修远说话的时候镇定自若,言语间还习惯性的带着笑意盈盈的尾音,可亲卫队的成员却个个都被修远轻飘飘的几句话激发出狠劲来,自打跟了侯爷多少风头都被遮掩过去,苦练武功这么久,好容易得了这么个机会,定要在自家军师面前好好表现一番,于是下手愈发凶狠利落起来。
先前那说话阴阳怪气的怪异男子还有空闲偶尔吐出一两句不堪入耳的混账话来,等亲卫队攻势一紧也只得全神贯注小心应付起来:“翟明,还不快点出来给老子帮忙!”眼见围攻他的人越来越多,这些半大小子们每个武功都不弱,相互之间更是配合默契,孔厉眼见自己完全不能接近修远,只好希望在自己全力吸引亲卫们注意的这段时间里能给其他人创造出机会来,忙不迭向隐在暗处的人发出信号。
翟明眼见自家兄弟被数人围攻早就想冲出去,听到声音哪里还顾得上当家的吩咐,按捺不住当即冲杀了出去。
修远听见贼人的声音,嘴角扬起笑意,从袖袍里抽出一面淡蓝的小旗子出来:“儿郎们,看我旗令,换困龙之阵,叫他们有来无回。”
瓿阳原以为自己在林中的故意出声引开了那个一身戾气的男人,要拿下这个眉目清秀的军师绝非难事,没想到留下的护卫们都武功不错,而且还因为那个绿衣少年的缘故使用了某种奇怪的阵法,整个黄沙寨立时就陷入了进退两难的尴尬境地。
还留在林中的只剩下秦诀一人,他们三个如果继续拖延下去,形势不容乐观,他也顾不得什么计谋规矩,带着手下剩余的人马一股脑儿从藏身的大石后面冲了出去。
修远见状大笑,慢条斯理的站起身来,脚踏玄门开是画起佛修独有的五世经轮来,口中还念念有词:“侯爷侯爷,快来救我。”
片刻后一身戾气的吕布从一片佛光中冲杀出来,目现凶光,怒火冲天的叫嚣道:“谁要伤修远!拿命来!”
吕布胸前的莲花化作丝丝金线消散在寒夜的雾气里,他整个人如果一个被上满发条不知疲倦的机器,利落着肆意收割着马贼们的性命。赤兔马随着主人的激动也亢奋不已的四处冲杀,只打得一众马贼人仰马翻,瓿阳凭着一对小巧的铁锤和吕布纠缠了好一会儿,吕布愈发不耐烦起来,转头朝修远吼了句:“修远,侯爷武器里。”
修远扬手一招,先前覆盖在马车上的那块经幡便卷着方天画戟朝吕布飞了过去:“侯爷仔细些,可要记得这马贼头子要抓活的,不然我们今晚上可就没地儿过夜了,连马车都被人戳了十七八个窟窿呢。”
吕布原一戟割下瓿阳的头,闻言动作微微一顿,便换作木柄狠狠敲了他几下,只把瓿阳殴打的气血翻腾腿脚发软,片刻间就弃了那对流星锤败下阵来。
匪首被擒自然是战局已定,修远伸手拨了拨额前的碎发,看着眼前一地献血血淋漓的残骸,重重叹了口气:“佛法有云,一命一因果,现下得了这般结果也算是你们先前一直劫掠商旅种下的因吧。”说完便把唐七送来的烈酒狠狠灌下几口,压下喉头泛起的恶心,才故作轻松的走到瓿阳面前扬起清朗的眉眼,朗声发问:“不知阁下在这漠北道上排行第几呢,依在下看能有这样的人员和武器,在漠北一带应该还算说得上话吧。”
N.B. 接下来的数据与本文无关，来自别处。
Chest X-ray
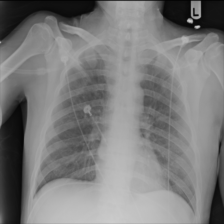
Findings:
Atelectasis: negative
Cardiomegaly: negative
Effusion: negative
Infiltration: negative
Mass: negative
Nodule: negative
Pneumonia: negative
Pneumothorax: negative
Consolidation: negative
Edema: negative
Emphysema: negative
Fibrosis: negative
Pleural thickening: negative
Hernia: negative
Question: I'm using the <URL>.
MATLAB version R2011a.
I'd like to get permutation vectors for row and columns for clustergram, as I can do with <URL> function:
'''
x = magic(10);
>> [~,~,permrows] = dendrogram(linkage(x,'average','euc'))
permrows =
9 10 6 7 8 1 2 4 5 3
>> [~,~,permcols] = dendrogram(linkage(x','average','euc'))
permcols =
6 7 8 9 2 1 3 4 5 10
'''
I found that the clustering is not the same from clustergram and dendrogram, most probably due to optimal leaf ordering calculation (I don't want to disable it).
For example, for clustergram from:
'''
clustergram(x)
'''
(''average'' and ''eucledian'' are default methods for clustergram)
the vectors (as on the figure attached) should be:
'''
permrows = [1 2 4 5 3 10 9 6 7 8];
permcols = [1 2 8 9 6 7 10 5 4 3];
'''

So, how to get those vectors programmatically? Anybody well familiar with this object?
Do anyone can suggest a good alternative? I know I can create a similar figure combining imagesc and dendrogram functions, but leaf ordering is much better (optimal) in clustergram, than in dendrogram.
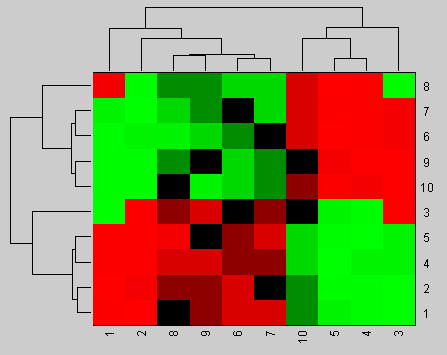
Answer: From looking at the documentation, I guess that 'get(gco,'ColumnLabels')' and 'get(gco,'RowLabels')', where 'gco' is the clustergram object, should give you the reordered labels. Note that the corresponding 'set'-methods take in the labels in original order and internally reorders them.
Consequently, if you have used custom labels ('set(gco,'RowLabels',originalLabels)')
'''
[~,permrows] = ismember(get(gco,'RowLabels'),originalLabels)
'''
should return the row permutation.
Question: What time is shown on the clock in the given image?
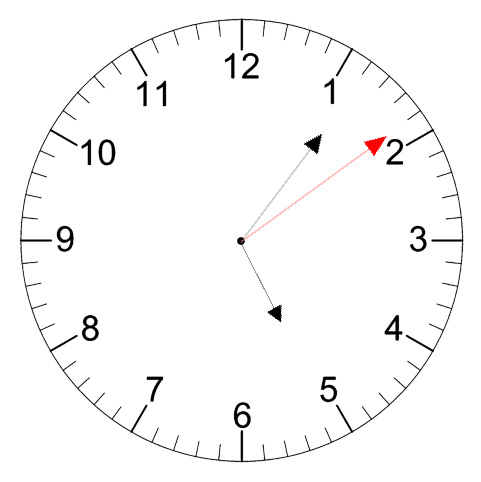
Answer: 05:06:09
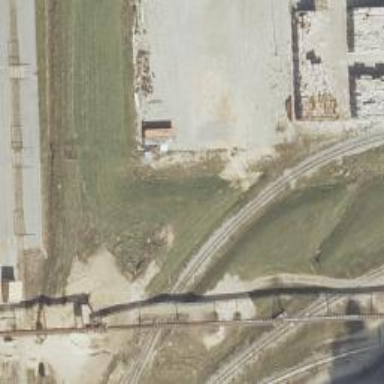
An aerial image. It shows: Rail spur service.
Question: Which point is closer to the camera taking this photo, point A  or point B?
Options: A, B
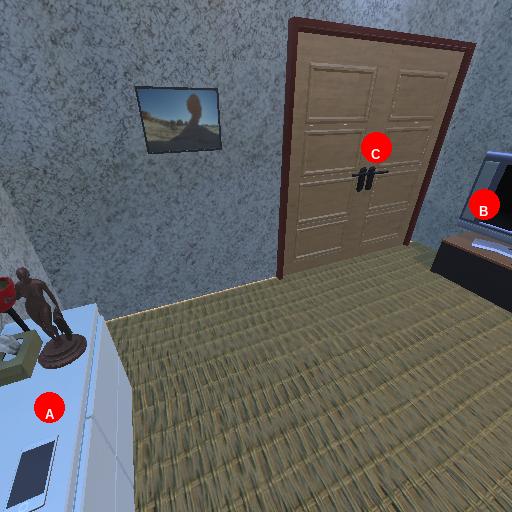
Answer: A
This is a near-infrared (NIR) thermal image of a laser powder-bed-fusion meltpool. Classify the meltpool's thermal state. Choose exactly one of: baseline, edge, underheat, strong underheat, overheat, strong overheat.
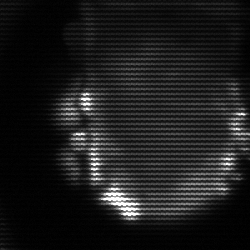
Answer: baseline
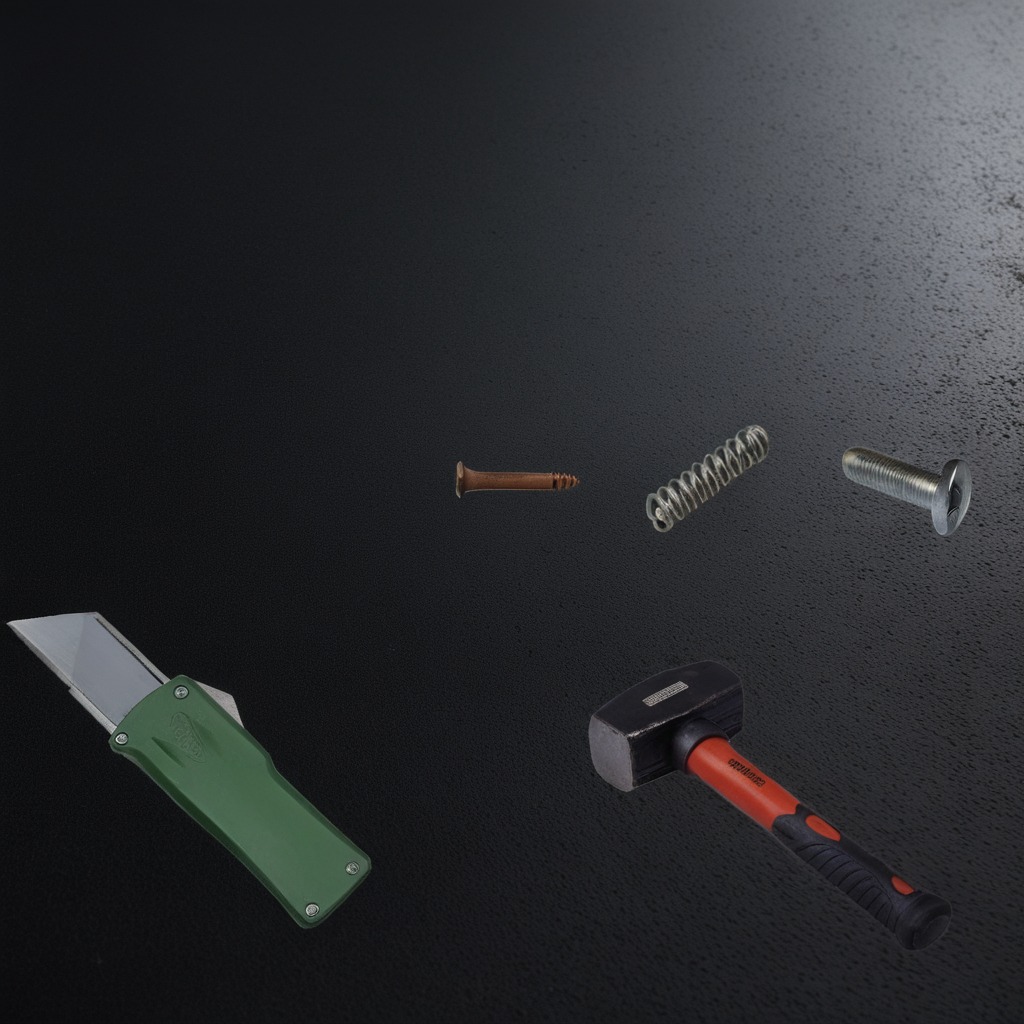
A utility knife, an iron nail, a hammer, and a coiled metal spring are lying on a clean granite tabletop.
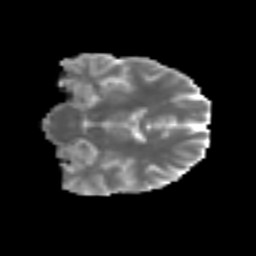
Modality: MD
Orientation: coronal
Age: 49
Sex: male
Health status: ill
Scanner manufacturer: siemens
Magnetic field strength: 3 T
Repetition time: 8.7 s
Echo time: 0.11 s
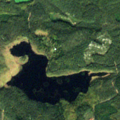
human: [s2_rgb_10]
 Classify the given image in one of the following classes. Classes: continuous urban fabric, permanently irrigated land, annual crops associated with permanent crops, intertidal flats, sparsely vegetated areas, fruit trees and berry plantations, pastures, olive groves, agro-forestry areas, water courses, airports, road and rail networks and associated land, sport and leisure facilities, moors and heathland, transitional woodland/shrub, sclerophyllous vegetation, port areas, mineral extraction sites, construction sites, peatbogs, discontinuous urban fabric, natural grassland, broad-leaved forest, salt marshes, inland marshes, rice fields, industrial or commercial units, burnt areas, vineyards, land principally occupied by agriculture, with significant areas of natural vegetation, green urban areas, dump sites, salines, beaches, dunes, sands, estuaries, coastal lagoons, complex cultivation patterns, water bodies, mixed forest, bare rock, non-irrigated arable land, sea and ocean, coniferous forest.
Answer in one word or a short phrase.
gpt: coniferous forest, water bodies
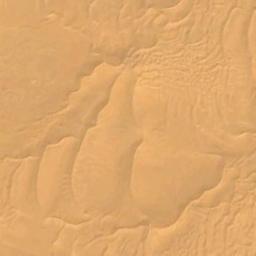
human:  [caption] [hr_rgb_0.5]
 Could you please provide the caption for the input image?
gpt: The desert is full of yellow sand .

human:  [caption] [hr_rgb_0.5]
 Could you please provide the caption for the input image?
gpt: The desert has deep yellow sand and some shallow ditches are also in the desert .

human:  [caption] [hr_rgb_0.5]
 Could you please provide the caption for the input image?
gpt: There are many lines in the desert .

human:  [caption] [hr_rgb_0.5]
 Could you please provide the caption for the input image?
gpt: This is a yellow desert with wavy stripes .

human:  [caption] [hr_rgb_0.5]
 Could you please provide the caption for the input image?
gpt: A yellow sandy desert with some dunes .
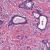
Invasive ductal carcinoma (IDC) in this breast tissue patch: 1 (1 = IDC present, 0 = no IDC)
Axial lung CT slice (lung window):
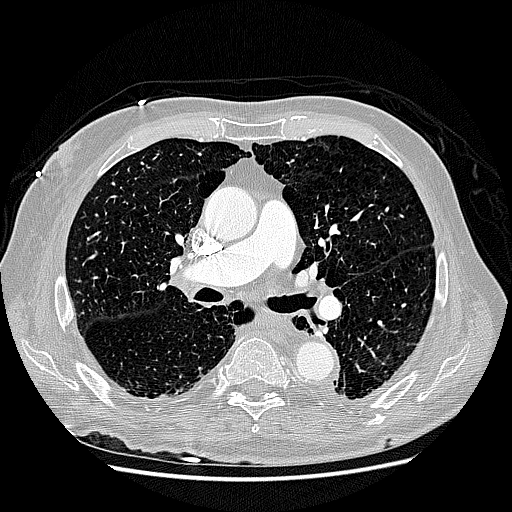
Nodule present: no
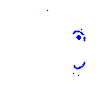
Particle: electron
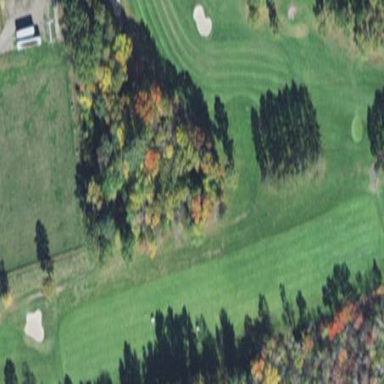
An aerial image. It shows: Grassy area designated as golf fairway.
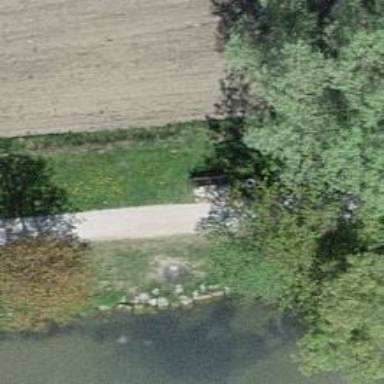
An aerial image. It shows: Brown bench in the vicinity.
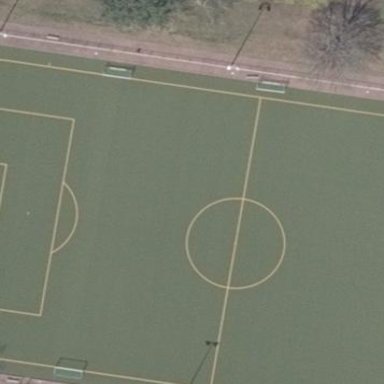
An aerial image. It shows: Artificial turf soccer pitch for leisure activities.
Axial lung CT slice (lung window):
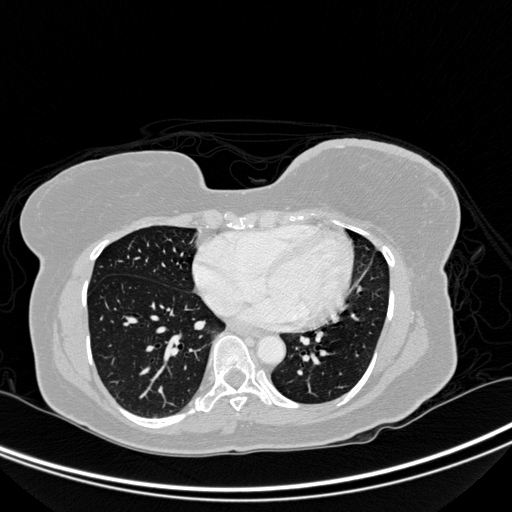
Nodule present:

瓿阳又听见那个清越的声音,一脸愤恨的昂起头狠狠瞪了修远几眼,吕布正围着修远前前后后看他有没有被伤者,曹性已经十分不满的重重踢了瓿阳一脚:“你现下不过是条战败被俘的丧家之犬,还不好好回答我家军师的问话,小心侯爷扒了你的皮。”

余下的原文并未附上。